Dataset records:
------------

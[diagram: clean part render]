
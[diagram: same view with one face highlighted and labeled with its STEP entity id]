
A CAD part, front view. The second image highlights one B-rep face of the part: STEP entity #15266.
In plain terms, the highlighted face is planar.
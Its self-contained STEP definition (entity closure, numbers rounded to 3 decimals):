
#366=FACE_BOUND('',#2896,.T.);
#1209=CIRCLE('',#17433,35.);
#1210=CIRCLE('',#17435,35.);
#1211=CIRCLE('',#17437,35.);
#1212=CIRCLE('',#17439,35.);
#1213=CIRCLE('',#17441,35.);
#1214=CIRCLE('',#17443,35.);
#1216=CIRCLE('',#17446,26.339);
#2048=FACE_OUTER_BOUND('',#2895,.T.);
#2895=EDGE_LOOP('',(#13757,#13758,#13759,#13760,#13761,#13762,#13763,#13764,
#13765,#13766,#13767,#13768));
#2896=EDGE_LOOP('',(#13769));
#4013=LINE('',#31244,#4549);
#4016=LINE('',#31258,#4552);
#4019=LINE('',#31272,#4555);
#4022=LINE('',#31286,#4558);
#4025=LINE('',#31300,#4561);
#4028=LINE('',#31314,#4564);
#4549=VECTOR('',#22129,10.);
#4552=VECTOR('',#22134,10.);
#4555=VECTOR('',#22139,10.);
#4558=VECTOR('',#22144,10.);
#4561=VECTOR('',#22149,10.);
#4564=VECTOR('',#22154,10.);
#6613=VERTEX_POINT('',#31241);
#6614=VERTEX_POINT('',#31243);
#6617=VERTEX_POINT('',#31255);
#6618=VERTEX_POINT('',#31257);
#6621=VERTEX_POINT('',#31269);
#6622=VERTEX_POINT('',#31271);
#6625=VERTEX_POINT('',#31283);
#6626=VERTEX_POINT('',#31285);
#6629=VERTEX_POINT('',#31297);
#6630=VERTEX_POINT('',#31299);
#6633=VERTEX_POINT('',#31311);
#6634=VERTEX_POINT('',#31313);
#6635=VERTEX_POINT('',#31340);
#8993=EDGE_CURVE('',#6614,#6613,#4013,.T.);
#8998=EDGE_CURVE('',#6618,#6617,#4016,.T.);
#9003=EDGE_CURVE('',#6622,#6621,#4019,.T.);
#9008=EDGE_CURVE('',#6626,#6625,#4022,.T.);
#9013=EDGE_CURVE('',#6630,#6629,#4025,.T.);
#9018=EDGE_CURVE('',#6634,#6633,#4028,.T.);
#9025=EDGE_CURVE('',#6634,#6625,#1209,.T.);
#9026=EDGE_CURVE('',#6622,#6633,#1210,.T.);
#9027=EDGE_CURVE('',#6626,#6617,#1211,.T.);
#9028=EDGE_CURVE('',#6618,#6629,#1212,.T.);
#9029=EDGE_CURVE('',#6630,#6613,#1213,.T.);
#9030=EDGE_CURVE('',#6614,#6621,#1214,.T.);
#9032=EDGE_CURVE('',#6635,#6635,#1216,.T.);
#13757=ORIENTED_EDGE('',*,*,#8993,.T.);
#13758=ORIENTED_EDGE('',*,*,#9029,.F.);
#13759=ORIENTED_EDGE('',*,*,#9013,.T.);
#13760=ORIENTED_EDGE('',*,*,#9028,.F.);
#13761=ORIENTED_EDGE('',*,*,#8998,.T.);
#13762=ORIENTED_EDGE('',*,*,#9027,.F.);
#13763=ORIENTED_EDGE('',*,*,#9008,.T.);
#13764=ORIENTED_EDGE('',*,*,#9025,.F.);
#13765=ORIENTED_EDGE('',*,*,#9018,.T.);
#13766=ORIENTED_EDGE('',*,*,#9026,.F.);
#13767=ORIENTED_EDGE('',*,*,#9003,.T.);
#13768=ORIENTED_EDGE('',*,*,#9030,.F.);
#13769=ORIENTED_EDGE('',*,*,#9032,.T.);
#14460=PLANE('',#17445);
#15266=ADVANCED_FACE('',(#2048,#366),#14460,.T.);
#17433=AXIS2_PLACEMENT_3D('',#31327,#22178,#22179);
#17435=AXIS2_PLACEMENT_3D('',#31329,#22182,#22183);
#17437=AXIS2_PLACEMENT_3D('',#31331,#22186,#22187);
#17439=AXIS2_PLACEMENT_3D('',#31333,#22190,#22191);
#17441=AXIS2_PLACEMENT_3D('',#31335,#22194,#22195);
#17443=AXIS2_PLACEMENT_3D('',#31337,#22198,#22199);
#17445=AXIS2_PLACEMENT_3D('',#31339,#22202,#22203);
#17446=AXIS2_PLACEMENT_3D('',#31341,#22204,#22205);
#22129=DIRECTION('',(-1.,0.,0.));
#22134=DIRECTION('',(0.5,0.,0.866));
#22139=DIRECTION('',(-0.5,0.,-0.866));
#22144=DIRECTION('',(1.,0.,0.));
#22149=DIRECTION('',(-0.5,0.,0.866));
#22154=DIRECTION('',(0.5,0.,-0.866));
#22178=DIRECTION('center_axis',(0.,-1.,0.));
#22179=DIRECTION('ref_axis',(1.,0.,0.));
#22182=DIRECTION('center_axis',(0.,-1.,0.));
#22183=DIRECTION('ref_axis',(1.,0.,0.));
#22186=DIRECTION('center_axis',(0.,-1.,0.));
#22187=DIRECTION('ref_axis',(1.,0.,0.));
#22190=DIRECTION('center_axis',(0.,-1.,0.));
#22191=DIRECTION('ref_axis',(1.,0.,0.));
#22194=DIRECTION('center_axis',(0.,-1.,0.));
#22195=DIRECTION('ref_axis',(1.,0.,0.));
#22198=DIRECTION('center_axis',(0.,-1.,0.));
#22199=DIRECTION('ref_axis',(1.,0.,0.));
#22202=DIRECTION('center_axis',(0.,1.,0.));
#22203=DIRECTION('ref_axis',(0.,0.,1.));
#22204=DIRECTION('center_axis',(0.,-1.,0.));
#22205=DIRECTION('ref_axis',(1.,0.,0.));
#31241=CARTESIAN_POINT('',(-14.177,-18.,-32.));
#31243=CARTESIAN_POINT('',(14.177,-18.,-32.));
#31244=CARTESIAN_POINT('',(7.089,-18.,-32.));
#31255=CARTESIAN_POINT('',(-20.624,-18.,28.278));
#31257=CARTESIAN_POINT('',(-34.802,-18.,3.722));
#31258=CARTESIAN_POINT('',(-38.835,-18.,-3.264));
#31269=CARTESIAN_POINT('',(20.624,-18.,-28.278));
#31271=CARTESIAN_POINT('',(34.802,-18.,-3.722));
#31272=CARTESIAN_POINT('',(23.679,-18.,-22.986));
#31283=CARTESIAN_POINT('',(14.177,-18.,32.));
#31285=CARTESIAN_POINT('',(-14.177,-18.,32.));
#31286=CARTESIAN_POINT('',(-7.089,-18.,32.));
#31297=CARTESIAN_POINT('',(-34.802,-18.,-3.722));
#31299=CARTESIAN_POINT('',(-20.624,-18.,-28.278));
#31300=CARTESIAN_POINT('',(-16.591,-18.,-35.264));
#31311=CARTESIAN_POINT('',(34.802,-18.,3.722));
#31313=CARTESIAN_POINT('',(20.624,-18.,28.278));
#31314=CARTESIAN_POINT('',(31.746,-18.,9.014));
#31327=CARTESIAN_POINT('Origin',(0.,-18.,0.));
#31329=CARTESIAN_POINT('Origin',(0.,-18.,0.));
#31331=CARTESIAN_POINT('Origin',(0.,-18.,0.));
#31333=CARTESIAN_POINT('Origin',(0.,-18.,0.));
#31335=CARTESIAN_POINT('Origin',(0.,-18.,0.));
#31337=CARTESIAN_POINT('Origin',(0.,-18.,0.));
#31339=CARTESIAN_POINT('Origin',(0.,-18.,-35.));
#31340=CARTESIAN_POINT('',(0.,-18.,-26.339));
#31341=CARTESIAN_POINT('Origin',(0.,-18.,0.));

------------

The answer must be the line containing "#31299=CARTESIAN_POINT('',(-20.624,-18.,-28.278));" and every line after it to the end of the data, exactly as written.

* _Solution below_:
#31299=CARTESIAN_POINT('',(-20.624,-18.,-28.278));
#31300=CARTESIAN_POINT('',(-16.591,-18.,-35.264));
#31311=CARTESIAN_POINT('',(34.802,-18.,3.722));
#31313=CARTESIAN_POINT('',(20.624,-18.,28.278));
#31314=CARTESIAN_POINT('',(31.746,-18.,9.014));
#31327=CARTESIAN_POINT('Origin',(0.,-18.,0.));
#31329=CARTESIAN_POINT('Origin',(0.,-18.,0.));
#31331=CARTESIAN_POINT('Origin',(0.,-18.,0.));
#31333=CARTESIAN_POINT('Origin',(0.,-18.,0.));
#31335=CARTESIAN_POINT('Origin',(0.,-18.,0.));
#31337=CARTESIAN_POINT('Origin',(0.,-18.,0.));
#31339=CARTESIAN_POINT('Origin',(0.,-18.,-35.));
#31340=CARTESIAN_POINT('',(0.,-18.,-26.339));
#31341=CARTESIAN_POINT('Origin',(0.,-18.,0.));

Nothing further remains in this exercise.